Hello,
We have determined that in Splunk 5.0, active UDP inputs cause the main splunkd process to leak memory. The rate of this memory leak appears to be proportional to the rate of data that is being received on the UDP input(s). For that reason, it is possible for a very active UDP input to cause splunkd to eventually exhaust all available memory on the host.
The bug that references this behavior is SPL-58075 and has been added to the list of known issues for Splunk 5.0.
We are actively working towards the release of a fix to this issue in the next few days.
In the meantime, there are four possible work-arounds that we can propose:
Install a 4.3.4 universal forwarder on the same machine that is currently receiving the UDP traffic and migrate the UDP inputs to that instance. The universal forwarder should be configured to send all incoming data to the indexer on the same host.
Where possible customers should switch from sending data via UDP to sending via TCP as it helps to reduce potential data loss and is more in line with best practices for sending network data to Splunk. Be advised that this input removes syslogd event augmentation (e.g. timestamp and hostname pre-pending)
Schedule a restart of the impacted instance(s) at regular intervals to prevent memory exhaustion. This solution is not strongly recommended as it can introduce data loss and kick users out of the system.
Disable UDP inputs. This solution is not recommended since all data from the sending host(s) will be lost.
Hello,
We have determined that in Splunk 5.0, active UDP inputs cause the main splunkd process to leak memory. The rate of this memory leak appears to be proportional to the rate of data that is being received on the UDP input(s). For that reason, it is possible for a very active UDP input to cause splunkd to eventually exhaust all available memory on the host.
The bug that references this behavior is SPL-58075 and has been added to the list of known issues for Splunk 5.0.
We are actively working towards the release of a fix to this issue in the next few days.

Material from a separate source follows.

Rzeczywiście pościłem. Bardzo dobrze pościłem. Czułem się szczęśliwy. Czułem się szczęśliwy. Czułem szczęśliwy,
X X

In the meantime, there are four possible work-arounds that we can propose:
Install a 4.3.4 universal forwarder on the same machine that is currently receiving the UDP traffic and migrate the UDP inputs to that instance. The universal forwarder should be configured to send all incoming data to the indexer on the same host.
Where possible customers should switch from sending data via UDP to sending via TCP as it helps to reduce potential data loss and is more in line with best practices for sending network data to Splunk. Be advised that this input removes syslogd event augmentation (e.g. timestamp and hostname pre-pending)

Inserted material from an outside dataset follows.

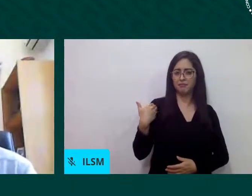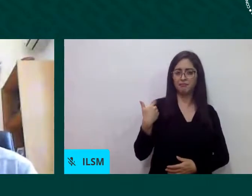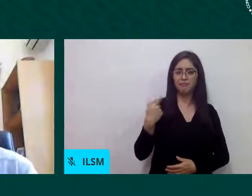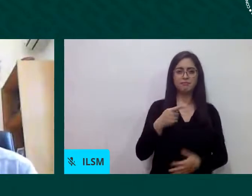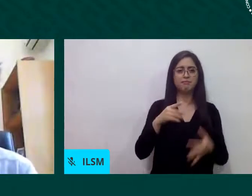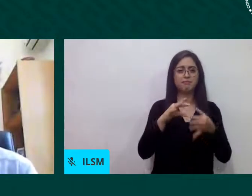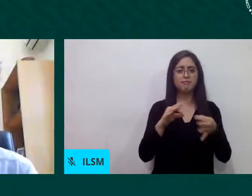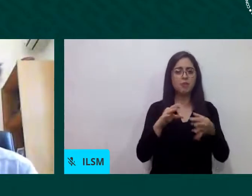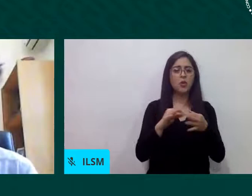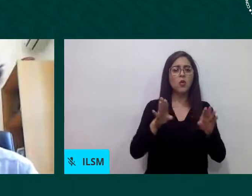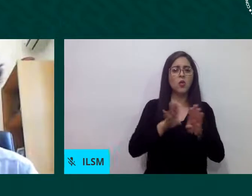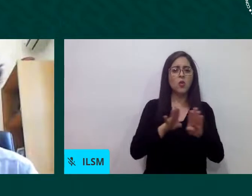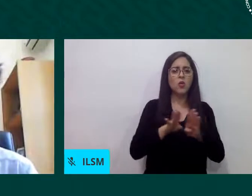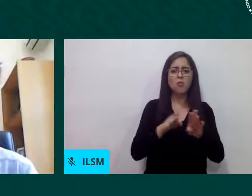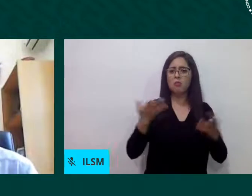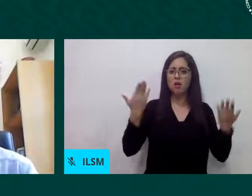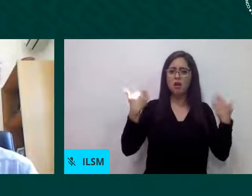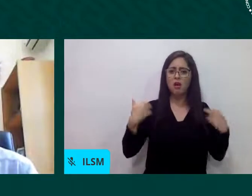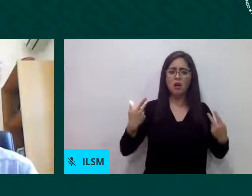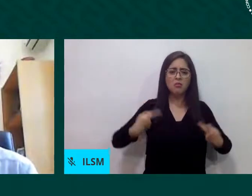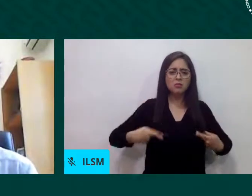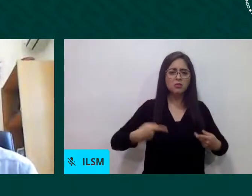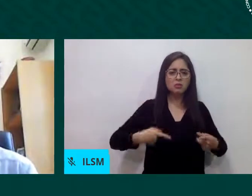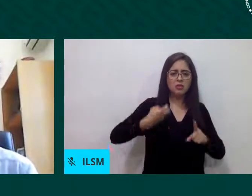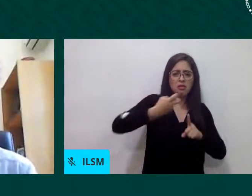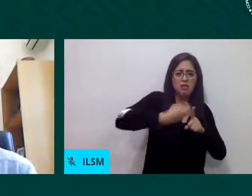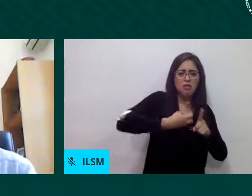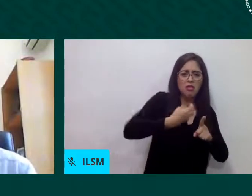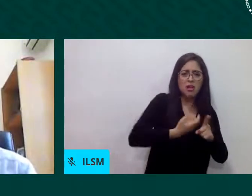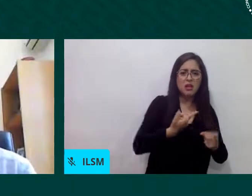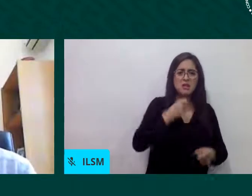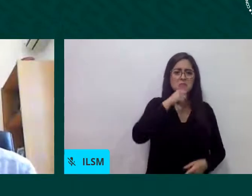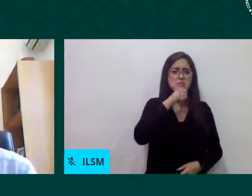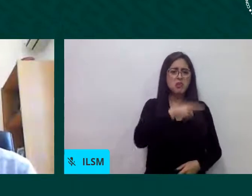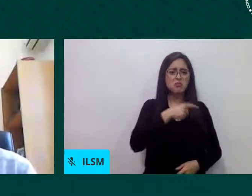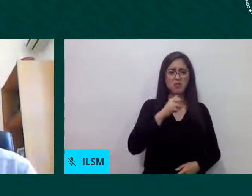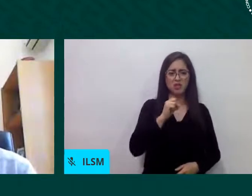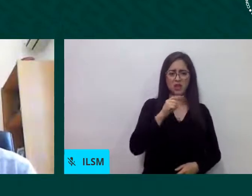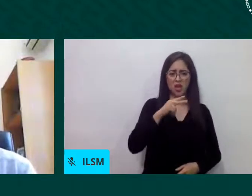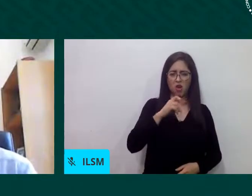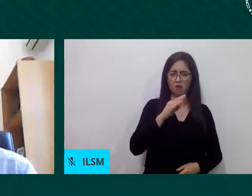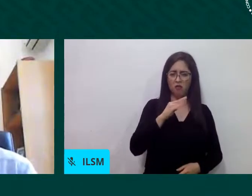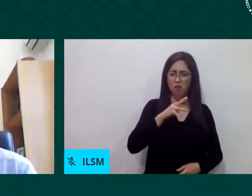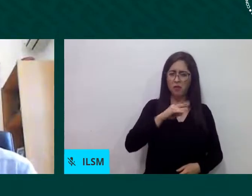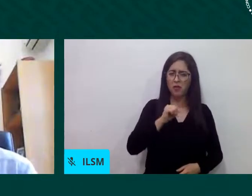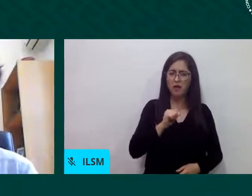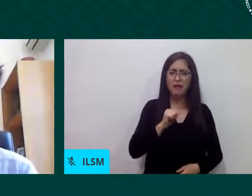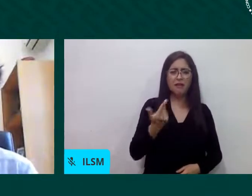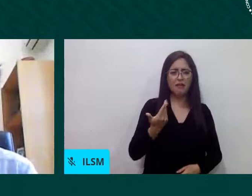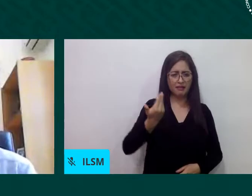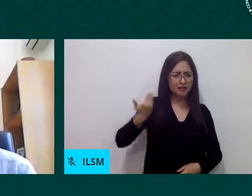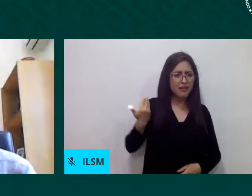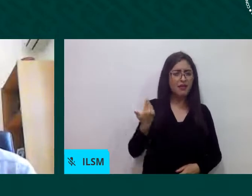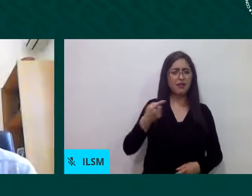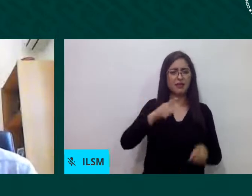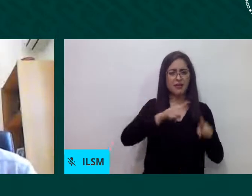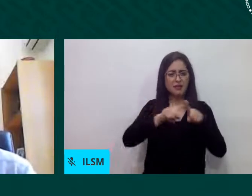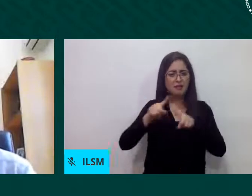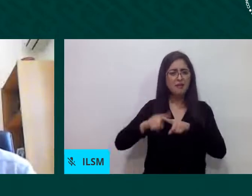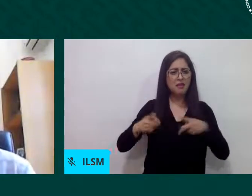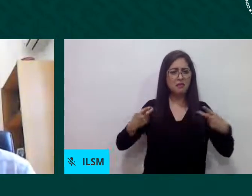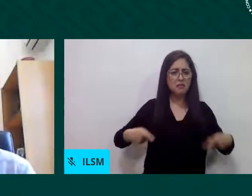xenofobia que lo lo comentaron en varias intervenciones para

Schedule a restart of the impacted instance(s) at regular intervals to prevent memory exhaustion. This solution is not strongly recommended as it can introduce data loss and kick users out of the system.
Disable UDP inputs. This solution is not recommended since all data from the sending host(s) will be lost.
We disabled the Splunk Deployment Monitor app and our memory consumption has been flat ever since.
@richgalloway: Are you running the most recent 5.x version (5.0.2 as of now)? I would typically recommend to use the S.o.S app to track the resource usage of Splunk processes and establish a clear pattern. With that information, you'll want to open a support case to get this investigated further.
We're also running out of memory, but have zero UDP inputs configured. Could there be another source of the leak? We increased our VM from 8GB to 16GB and splunkd used it up in two days.
What types of input do you have, and are you running any special apps? You should probably run a "splunk diag" and include the diag file to the support case.
/k
I upgraded Splunk 4.3.4 to v5 and have a handful of event sources. Apart from restarting the service, the performance hasn't changed a bit. Response time is just the same as well.
yes splunk 5.0 uses more ressources :
But in our case, it may also be a configuration issue, (deployment server, apps, backfill ...)
I'm seeing Similar issues on our Heavy Forwarders. I'll follow the above suggestions and see if that sheds any light!
I am seeing this same issue on one of two indexers after the 5.0 upgrade.
Memory is leaking on one of them (SplunkD process) until fully consumed.
There are some configuration differences between the two. I will troubleshoot this issue some more.
Hi,
I also see a steady increase of memory usage on our search head since the upgrade to v5.0. The indexers and universal forwarders are running fine, though.
To investigate a memory leak,
Then create a support case and attach diag and screenshots, also precise if you turned on special features of 5.0 (like replication or search acceleration)
I have to agree something is causing rapid loss of memory (and not my turning 50 this December!).
We are seeing the same thing since 5.0
4gb system, not that many inputs.... Was running smooth on 4.3.4 but since upgrade exhausted all memory and froze.... Added 2gb extra RAM and while the server started up fine, within 1/2 hour all the ram had been consumed and it was unusable again.
we have had to reboot our V5 indexer twice in the last 24 hours. System crawls to a halt, and looking at the stats, the memory grows in a straight line until all is consumed, and the system effectively stops. We are only taking syslogs from 6 firewalls, and event logs from two windows boxes. The indexer has 8Gb of memory available. It looks like it might be a memory leak.